Top of Exercise material

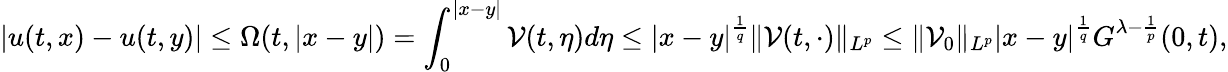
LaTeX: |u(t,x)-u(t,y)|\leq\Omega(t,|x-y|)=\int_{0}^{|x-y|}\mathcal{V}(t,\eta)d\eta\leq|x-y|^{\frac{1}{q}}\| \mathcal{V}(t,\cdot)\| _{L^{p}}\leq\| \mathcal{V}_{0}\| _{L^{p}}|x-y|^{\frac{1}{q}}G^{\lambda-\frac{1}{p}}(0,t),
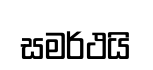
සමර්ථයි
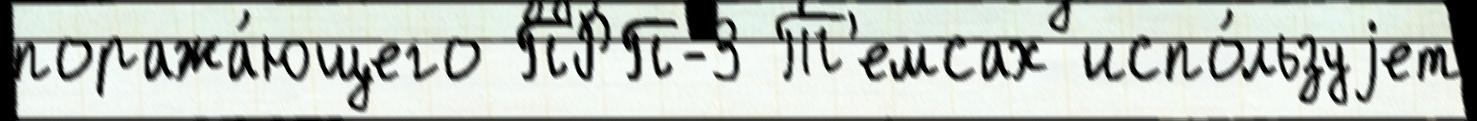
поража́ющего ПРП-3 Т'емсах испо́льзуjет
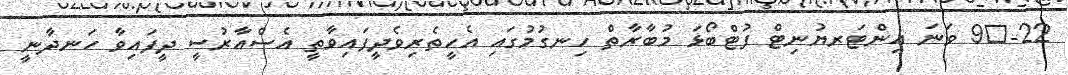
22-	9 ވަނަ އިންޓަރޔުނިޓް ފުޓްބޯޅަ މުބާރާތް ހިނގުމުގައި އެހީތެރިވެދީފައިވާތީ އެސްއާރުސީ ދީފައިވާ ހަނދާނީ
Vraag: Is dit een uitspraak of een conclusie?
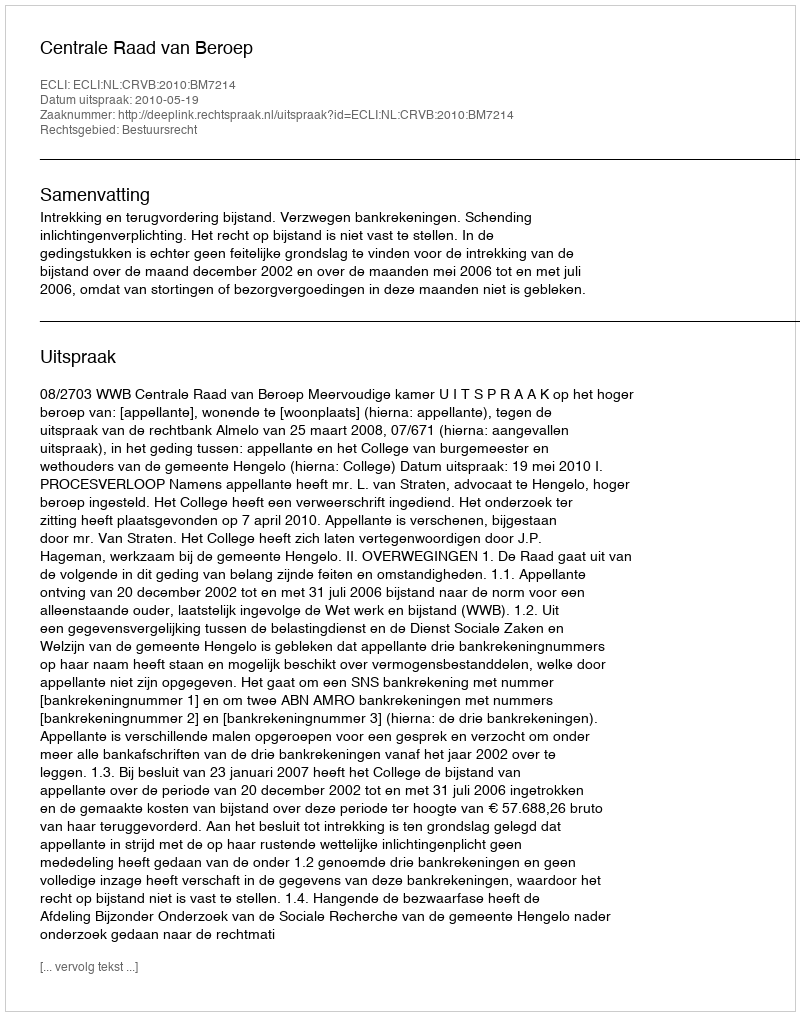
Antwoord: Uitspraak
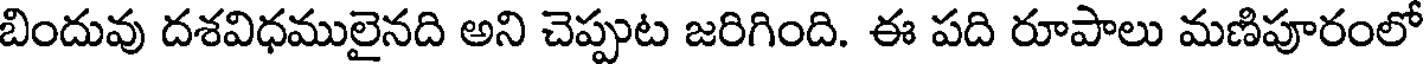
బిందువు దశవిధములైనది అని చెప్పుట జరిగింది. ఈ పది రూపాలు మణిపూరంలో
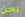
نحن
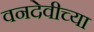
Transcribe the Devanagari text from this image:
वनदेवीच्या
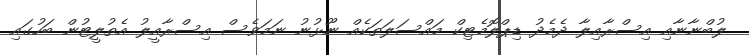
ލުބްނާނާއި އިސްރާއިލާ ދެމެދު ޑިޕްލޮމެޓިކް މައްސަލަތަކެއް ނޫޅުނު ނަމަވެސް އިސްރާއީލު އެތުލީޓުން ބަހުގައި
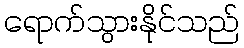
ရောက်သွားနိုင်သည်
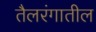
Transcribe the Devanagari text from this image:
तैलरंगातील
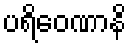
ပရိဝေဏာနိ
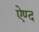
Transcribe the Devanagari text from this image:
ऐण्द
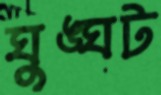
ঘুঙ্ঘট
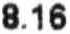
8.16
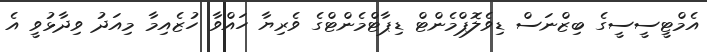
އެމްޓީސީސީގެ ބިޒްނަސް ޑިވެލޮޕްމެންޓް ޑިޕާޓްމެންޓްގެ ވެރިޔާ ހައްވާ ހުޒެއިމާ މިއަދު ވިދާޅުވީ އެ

Bottom of Exercise material
Top of Exercise material

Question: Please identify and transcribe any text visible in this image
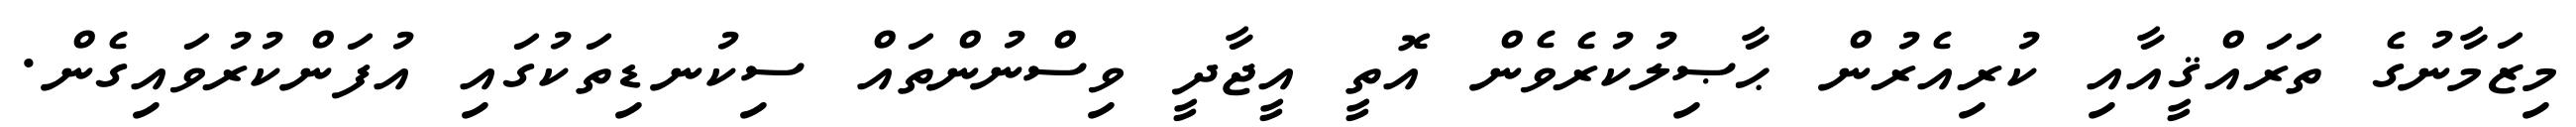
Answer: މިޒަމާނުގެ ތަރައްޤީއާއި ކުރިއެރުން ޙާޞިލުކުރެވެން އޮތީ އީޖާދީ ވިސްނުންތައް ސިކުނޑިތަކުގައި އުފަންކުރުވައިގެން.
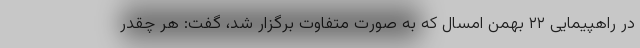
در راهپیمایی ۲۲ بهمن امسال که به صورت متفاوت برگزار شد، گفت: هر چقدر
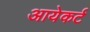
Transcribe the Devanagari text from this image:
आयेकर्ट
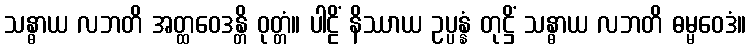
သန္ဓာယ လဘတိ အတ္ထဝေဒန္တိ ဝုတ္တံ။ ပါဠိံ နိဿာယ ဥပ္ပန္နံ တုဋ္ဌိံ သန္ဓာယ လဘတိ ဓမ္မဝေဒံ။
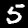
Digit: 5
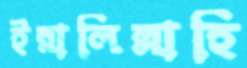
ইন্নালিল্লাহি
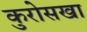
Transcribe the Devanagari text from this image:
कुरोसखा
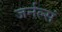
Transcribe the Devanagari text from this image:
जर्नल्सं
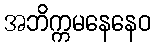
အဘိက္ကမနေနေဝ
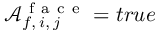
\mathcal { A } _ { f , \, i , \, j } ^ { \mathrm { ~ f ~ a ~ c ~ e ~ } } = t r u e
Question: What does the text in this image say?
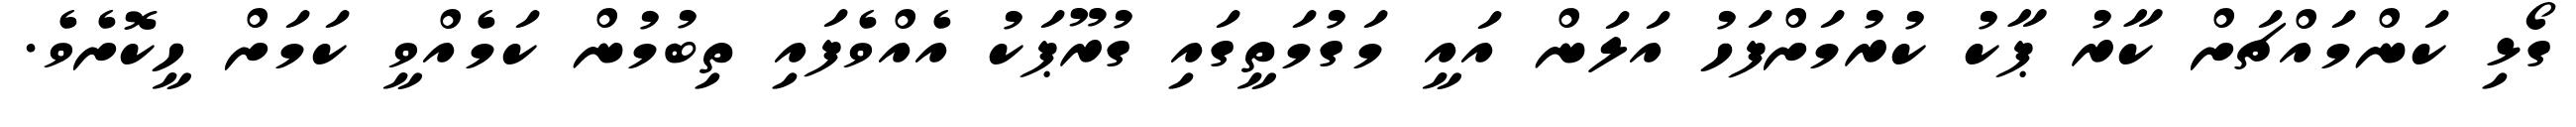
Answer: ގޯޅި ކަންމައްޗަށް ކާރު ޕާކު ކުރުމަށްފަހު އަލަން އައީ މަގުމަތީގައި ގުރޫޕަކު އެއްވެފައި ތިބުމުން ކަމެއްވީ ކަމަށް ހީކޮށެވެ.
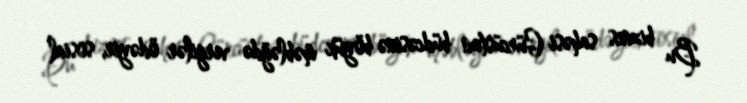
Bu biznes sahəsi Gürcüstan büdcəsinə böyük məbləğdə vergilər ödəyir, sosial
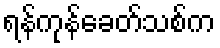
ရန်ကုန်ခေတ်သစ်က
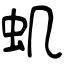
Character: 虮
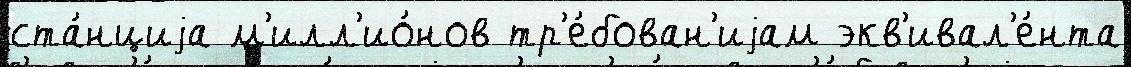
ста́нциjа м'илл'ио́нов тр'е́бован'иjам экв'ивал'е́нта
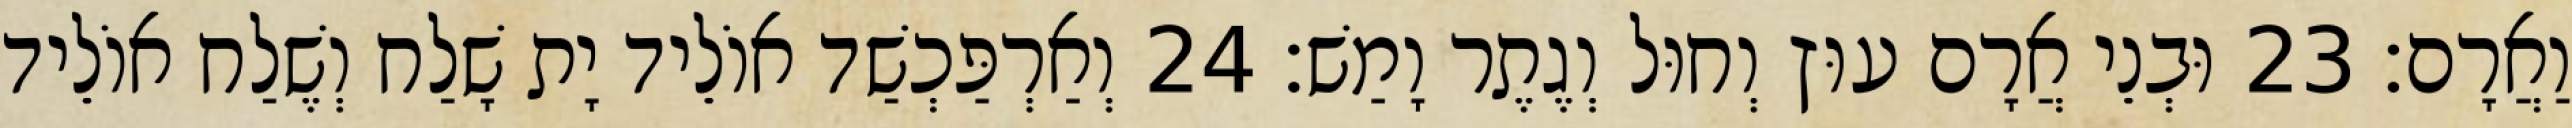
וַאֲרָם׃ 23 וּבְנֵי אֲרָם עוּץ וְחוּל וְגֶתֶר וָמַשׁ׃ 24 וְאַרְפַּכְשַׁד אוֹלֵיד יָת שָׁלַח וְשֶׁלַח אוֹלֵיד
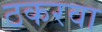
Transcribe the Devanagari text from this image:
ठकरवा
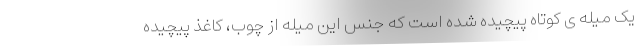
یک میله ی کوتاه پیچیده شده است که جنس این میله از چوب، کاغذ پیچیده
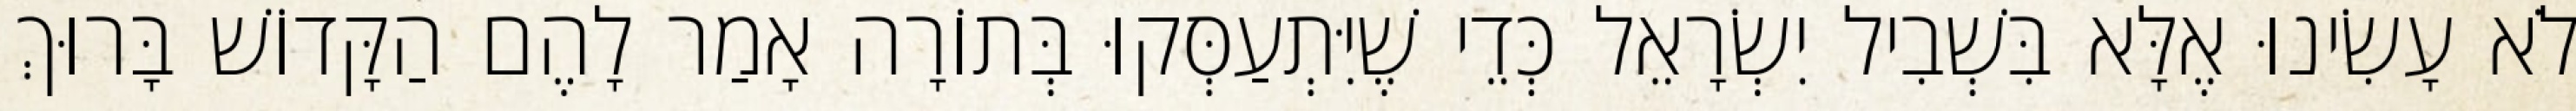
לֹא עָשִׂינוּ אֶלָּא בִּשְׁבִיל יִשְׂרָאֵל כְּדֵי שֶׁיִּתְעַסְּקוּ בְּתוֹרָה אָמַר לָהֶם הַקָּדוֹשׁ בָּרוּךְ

Bottom of Exercise material
Top of Exercise material

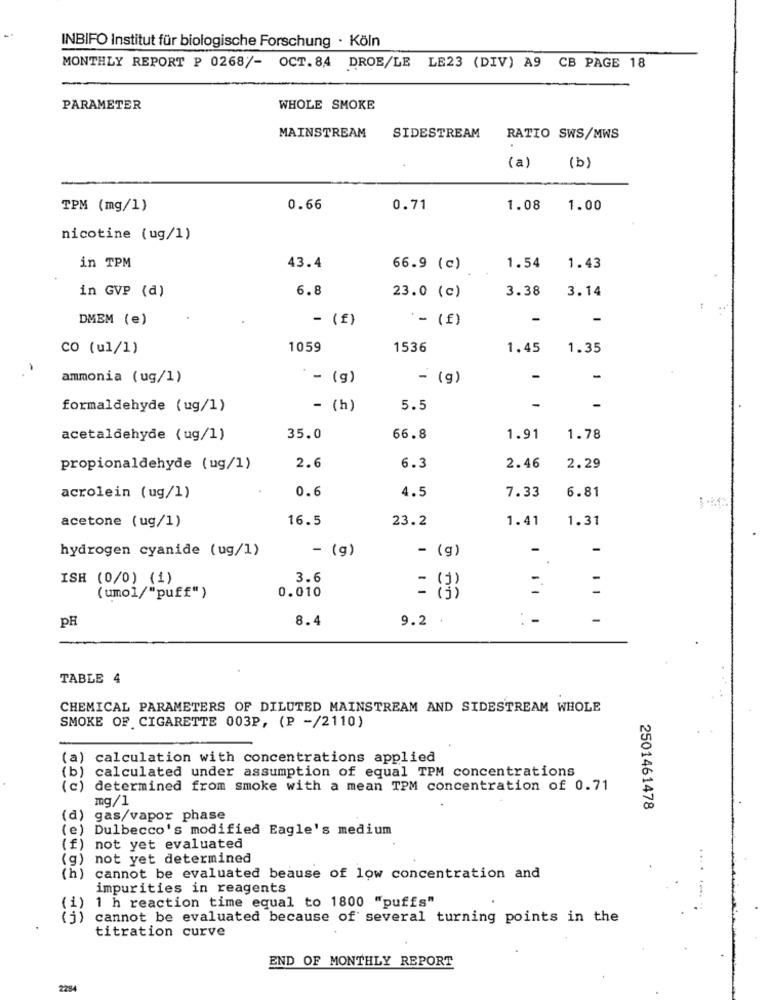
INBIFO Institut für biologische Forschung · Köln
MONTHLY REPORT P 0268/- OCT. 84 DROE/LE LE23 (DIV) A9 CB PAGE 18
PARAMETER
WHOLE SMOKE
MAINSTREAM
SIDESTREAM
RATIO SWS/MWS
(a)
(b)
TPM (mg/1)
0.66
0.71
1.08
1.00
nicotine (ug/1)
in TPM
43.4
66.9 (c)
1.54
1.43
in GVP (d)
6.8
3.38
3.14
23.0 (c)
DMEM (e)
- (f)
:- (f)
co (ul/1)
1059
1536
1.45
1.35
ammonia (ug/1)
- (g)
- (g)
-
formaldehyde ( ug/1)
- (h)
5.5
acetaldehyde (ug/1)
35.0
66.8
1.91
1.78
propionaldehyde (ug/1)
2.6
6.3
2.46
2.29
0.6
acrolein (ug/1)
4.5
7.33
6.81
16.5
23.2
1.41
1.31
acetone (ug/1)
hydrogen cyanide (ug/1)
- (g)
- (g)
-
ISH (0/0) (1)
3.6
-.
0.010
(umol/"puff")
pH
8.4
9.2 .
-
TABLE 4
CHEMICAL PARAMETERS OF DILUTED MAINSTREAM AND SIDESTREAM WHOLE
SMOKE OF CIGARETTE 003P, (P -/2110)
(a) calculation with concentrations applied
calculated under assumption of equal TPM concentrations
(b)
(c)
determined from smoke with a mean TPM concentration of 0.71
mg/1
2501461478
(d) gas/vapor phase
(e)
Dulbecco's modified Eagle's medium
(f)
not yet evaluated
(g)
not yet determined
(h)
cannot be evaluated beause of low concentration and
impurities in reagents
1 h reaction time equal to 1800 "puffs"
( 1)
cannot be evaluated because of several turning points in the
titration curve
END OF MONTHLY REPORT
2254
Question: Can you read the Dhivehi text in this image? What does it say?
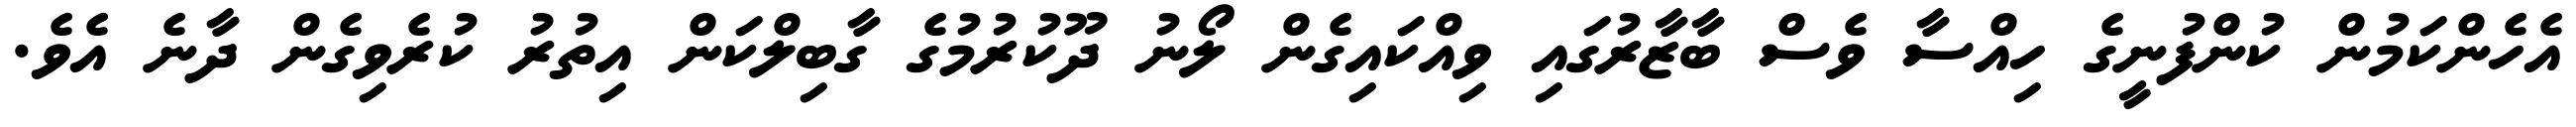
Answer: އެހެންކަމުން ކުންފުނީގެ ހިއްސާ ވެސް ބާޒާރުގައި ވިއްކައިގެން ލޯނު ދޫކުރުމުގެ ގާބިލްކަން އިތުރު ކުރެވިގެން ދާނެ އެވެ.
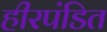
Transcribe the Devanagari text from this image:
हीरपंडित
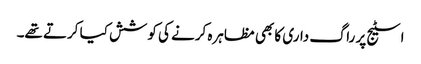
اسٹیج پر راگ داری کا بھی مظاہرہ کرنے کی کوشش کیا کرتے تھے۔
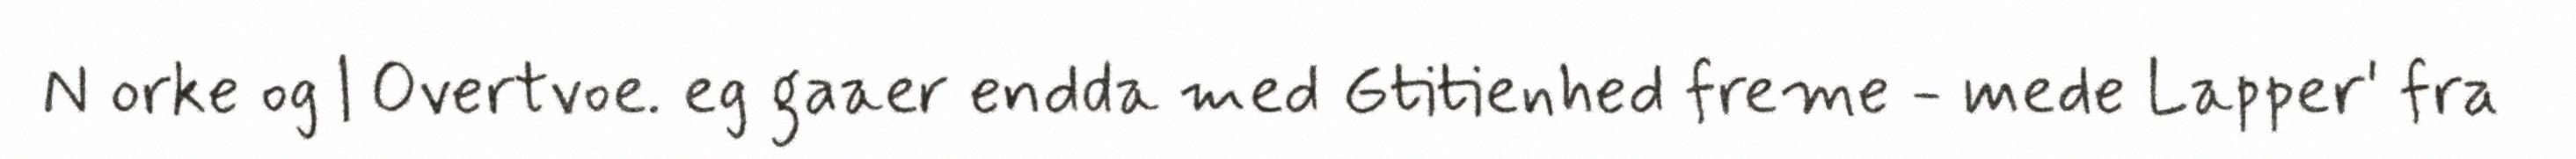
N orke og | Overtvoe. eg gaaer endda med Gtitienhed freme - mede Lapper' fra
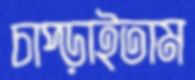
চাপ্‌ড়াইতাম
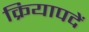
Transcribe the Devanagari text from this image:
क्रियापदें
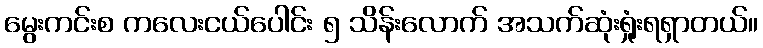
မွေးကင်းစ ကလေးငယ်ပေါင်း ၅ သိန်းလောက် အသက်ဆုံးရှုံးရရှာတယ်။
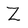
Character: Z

Bottom of Exercise material

Each line of the data that has the string "does" should be returned.

== The answer ==
Question: What does the text in this image say?
Question: Can you read the Dhivehi text in this image? What does it say?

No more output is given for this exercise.